However, “an opposing party may not rely merely on allegations or denials in its own pleading; rather, its response must-by affidavits or as otherwise provided in this rule-set out specific facts showing a genuine issue for trial.” Fed.R.Civ.P. 56(e) (2); see Matsushita, 475 U.S. at 586-87. In other words, the non-moving party must provide “affirmative evidence” from which a jury could return a verdict in its favor. Anderson, 477 U.S. at 257. “Conclusory allegations, conjecture, and speculation ... are insufficient to create a genuine issue of fact.” Niagra Mohawk Power Corp. v. Jones Chem., Inc., 315 F.3d 171, 175 (2d Cir.2003) (quoting Kerzer v. Kingly Mfg., 156 F.3d 396, 400 (2d Cir.1998)). Moreover, “[t]he ‘mere existence of a scintilla of evidence’ supporting the non-movant's case is also insufficient to defeat summary judgment.” Id. (quoting Anderson, 477 U.S. at 252).


Finally, “[w]here the non-moving party is proceeding pro se, the court must interpret that party's supporting papers liberally, that is, interpret them ‘to raise the strongest possible arguments that they suggest.’ ” Forsyth v. Fed'n Empl. & Guidance Serv., 409 F.3d 565, 569 (2d Cir.2005) (quoting Burgos v. Hopkins, 14 F.3d 787, 790 (2d Cir.1994)).



DISCUSSION


I. Statute of Limitations

EMS argues that plaintiff's cause of action accrued in May of 2004 and is barred by the statute of limitations. Under 15 U.S.C. § 1681p(1), “[a]n action to enforce any liability created under this subchapter may be brought in any appropriate United States district court ... [within] 2 years after the date of discovery by the plaintiff of the violation that is the basis for such liability.” EMS maintains that plaintiff's admission that his claims arose when he “1st applied for a mortgage” in May of 2004 proves that his amended complaint, served on June 26, 2006, is untimely. Memorandum in Support of Motion for Summary Judgment (Def.Memo) at 5 (citing PL Amended Complaint at 8). EMS also argues that plaintiff may not benefit from Fed.R.Civ.P. 15(c)(1)(B) because “even assuming Plaintiff can relate his claims back to the date of the original complaint ... [the] claims against EMS in his Amended Complaint do not arise out of the same conduct alleged in the original complaint, but instead states different claims and seeks different damages.” Def. Memo at 5.

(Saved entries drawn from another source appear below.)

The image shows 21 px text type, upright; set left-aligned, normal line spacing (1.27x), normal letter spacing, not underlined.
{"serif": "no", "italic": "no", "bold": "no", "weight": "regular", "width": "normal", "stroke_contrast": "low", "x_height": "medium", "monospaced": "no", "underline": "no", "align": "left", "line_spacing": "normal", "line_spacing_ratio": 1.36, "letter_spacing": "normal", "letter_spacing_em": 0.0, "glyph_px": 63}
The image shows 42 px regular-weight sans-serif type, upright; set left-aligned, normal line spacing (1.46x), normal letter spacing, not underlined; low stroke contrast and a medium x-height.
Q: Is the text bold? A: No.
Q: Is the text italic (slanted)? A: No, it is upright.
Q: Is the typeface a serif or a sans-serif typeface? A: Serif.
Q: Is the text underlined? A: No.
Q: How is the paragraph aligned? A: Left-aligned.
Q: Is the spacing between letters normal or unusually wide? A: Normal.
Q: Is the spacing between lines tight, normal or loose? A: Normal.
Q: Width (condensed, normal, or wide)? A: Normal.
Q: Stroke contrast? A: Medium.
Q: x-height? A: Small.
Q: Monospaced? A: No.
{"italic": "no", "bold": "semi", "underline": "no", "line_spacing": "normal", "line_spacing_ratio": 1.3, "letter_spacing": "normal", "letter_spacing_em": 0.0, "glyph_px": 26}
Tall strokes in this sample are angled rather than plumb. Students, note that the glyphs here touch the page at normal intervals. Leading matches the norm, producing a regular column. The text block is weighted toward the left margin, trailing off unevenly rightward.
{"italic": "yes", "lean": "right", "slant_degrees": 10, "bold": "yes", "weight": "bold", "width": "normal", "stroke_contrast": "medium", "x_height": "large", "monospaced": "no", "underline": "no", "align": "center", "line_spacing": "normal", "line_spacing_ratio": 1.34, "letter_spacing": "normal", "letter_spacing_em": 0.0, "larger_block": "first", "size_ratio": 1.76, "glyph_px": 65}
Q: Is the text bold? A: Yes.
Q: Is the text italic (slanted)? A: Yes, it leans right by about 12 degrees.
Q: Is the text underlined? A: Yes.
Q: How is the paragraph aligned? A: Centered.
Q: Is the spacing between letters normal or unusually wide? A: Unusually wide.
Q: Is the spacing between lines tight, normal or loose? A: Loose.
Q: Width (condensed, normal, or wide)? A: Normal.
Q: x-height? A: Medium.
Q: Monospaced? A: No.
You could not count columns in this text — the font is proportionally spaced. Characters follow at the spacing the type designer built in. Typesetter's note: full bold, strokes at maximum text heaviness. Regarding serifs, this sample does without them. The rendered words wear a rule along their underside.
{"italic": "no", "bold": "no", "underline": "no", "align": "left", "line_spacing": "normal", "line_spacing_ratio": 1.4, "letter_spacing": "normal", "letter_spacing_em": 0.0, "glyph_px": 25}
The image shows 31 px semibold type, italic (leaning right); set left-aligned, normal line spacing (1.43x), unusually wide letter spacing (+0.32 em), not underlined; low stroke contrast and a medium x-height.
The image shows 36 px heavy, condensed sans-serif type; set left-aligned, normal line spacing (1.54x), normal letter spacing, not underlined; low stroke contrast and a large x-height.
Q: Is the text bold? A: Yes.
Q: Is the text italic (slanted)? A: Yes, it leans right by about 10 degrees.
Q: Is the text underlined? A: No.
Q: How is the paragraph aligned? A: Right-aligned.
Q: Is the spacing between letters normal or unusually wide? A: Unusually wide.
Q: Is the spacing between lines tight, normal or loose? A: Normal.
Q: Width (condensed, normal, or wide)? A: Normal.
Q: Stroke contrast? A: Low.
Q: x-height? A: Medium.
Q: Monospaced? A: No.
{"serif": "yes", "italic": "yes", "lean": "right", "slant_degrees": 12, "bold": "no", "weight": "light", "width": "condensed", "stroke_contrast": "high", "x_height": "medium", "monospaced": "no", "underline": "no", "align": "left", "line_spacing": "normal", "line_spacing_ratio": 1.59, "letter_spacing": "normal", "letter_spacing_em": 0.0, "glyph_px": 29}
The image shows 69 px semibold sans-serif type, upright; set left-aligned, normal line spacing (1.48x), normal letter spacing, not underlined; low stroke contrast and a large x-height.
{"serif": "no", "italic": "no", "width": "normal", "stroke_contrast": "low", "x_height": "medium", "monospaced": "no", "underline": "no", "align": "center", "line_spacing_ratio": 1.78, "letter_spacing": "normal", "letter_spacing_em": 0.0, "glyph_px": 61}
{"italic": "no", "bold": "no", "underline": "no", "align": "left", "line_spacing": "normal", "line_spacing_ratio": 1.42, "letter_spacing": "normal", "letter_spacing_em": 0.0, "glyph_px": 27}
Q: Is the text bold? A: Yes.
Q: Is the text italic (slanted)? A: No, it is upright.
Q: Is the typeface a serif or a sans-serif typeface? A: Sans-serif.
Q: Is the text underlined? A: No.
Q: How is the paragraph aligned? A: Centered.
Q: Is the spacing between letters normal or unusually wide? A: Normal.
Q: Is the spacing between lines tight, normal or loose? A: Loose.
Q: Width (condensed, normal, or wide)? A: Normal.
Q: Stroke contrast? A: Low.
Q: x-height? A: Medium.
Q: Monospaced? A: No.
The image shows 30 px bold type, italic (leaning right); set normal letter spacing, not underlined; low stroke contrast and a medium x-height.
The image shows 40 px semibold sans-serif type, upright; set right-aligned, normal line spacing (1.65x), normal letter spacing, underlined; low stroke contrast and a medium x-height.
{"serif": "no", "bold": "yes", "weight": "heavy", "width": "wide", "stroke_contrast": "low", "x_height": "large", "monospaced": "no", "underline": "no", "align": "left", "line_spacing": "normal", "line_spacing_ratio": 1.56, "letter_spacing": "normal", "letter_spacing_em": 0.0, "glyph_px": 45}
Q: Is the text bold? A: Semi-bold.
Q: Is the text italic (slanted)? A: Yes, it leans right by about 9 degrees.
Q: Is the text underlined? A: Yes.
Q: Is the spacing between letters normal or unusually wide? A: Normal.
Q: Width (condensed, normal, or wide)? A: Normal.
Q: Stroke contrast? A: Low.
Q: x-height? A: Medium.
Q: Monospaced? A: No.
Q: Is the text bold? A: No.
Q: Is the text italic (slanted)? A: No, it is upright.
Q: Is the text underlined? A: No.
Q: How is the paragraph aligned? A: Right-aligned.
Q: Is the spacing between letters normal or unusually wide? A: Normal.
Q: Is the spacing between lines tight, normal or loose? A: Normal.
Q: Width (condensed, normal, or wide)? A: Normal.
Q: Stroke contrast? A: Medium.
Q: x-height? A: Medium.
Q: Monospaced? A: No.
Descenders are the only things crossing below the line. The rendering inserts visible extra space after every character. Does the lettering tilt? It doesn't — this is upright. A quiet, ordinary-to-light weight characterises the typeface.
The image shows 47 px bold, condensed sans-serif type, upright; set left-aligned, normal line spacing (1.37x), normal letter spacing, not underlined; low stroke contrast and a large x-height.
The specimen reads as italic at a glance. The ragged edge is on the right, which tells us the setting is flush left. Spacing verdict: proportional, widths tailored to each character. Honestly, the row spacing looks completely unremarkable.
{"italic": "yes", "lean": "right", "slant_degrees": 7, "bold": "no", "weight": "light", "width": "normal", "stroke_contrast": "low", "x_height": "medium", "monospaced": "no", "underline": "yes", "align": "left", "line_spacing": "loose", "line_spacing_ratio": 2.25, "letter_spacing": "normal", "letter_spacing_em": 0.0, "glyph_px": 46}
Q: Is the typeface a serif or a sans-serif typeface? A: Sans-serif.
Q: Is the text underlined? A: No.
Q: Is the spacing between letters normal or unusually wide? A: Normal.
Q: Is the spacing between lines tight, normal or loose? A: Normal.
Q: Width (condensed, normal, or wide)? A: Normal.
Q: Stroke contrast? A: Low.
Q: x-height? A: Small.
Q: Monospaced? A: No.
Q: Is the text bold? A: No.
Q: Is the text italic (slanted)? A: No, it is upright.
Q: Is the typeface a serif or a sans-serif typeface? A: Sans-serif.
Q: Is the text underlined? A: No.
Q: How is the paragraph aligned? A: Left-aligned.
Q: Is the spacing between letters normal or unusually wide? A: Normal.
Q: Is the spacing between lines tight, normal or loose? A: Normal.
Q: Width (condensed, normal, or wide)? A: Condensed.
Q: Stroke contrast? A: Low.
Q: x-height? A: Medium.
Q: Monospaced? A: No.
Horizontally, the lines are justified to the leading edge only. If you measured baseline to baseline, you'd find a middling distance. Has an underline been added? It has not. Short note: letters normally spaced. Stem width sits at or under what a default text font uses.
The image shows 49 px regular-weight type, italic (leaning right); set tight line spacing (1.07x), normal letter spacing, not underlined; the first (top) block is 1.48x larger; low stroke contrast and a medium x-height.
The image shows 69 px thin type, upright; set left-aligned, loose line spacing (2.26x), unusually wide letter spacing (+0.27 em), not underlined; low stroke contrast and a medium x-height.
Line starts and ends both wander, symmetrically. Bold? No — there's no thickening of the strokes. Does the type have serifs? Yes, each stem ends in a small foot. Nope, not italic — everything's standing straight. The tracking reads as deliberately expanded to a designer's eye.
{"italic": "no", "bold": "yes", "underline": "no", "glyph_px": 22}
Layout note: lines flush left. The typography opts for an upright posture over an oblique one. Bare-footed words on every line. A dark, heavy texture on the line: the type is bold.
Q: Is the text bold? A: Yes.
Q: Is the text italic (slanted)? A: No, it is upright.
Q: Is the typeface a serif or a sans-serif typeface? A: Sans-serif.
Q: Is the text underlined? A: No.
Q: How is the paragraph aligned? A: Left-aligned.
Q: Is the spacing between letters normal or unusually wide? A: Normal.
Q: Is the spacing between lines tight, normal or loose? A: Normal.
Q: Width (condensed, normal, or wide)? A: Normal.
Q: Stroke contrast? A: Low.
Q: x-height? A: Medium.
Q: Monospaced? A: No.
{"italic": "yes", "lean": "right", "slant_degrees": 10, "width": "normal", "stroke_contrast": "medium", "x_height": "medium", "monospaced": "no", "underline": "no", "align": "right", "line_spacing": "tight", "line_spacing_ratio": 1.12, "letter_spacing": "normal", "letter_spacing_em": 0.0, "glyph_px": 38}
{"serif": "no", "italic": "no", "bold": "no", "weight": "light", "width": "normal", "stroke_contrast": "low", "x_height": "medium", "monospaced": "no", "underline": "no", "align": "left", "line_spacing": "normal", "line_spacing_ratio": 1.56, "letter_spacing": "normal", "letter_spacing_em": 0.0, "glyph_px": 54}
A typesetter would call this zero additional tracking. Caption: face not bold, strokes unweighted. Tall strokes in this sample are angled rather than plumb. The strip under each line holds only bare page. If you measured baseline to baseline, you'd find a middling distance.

*6 Under Fed.R.Civ.P. 15(c)(1),


[a]n amendment to a pleading relates back to the date of the original pleading when ... the amendment asserts a claim or defense that arose out of the conduct, transaction, or occurrence set out-or attempted to be set out-in the original pleading; or the amendment changes the party or the naming of the party against whom a claim is asserted, if Rule 15(c)(1)(B) is satisfied and if, within the period provided by Rule 4(m) for serving the summons and complaint, the party to be brought in by amendment: (i) received such notice of the action that it will not be prejudiced in defending on the merits; and (ii) knew or should have known that the action would have been brought against it, but for a mistake concerning the proper party's identity.


Fed.R.Civ.P. 15(c)(1)(B) and (C). Thus, the three requirements for relation back are that (1) both complaints must arise out of the same conduct, transaction, or occurrence; (2) the additional defendant must have been omitted from the original complaint by mistake; and (3) the additional defendant must not be prejudiced by the delay. VKK Corp. v. National Football League, 244 F.3d 114, 128 (2d Cir.2001).


Construing defendant's motion in the light most favorable to plaintiff, the Court should find that plaintiff's claims relate back to his original pleading and are not barred by the two-year statute of limitations. First, both the original and amended complaint allege that defendants violated the FCRA by including inaccurate information on his credit report causing him to receive a poor credit rating.


Second, plaintiff concedes that he made a mistake and meant to sue EMS. He states, “after reviewing all information sent to me by the Credit Bureaus it is indeed Equifax Mortgage Services knowingly and [i]ntentionally always reporting this false negative information about me.” Pl. Amended Complaint at 2. Additionally, this mistake is excusable where Equifax Information Services LLC and Equifax Mortgage Services have similar names and are related companies. See VKK Corp., 244 F.3d at 129 (citing William H. McGee v. M/V Ming Plenty, 164 F.R.D. 601, 606 (S.D.N.Y.1995)) (the misidentification of similarly named or related companies is a classic case for application of Rule 15(c) relation back).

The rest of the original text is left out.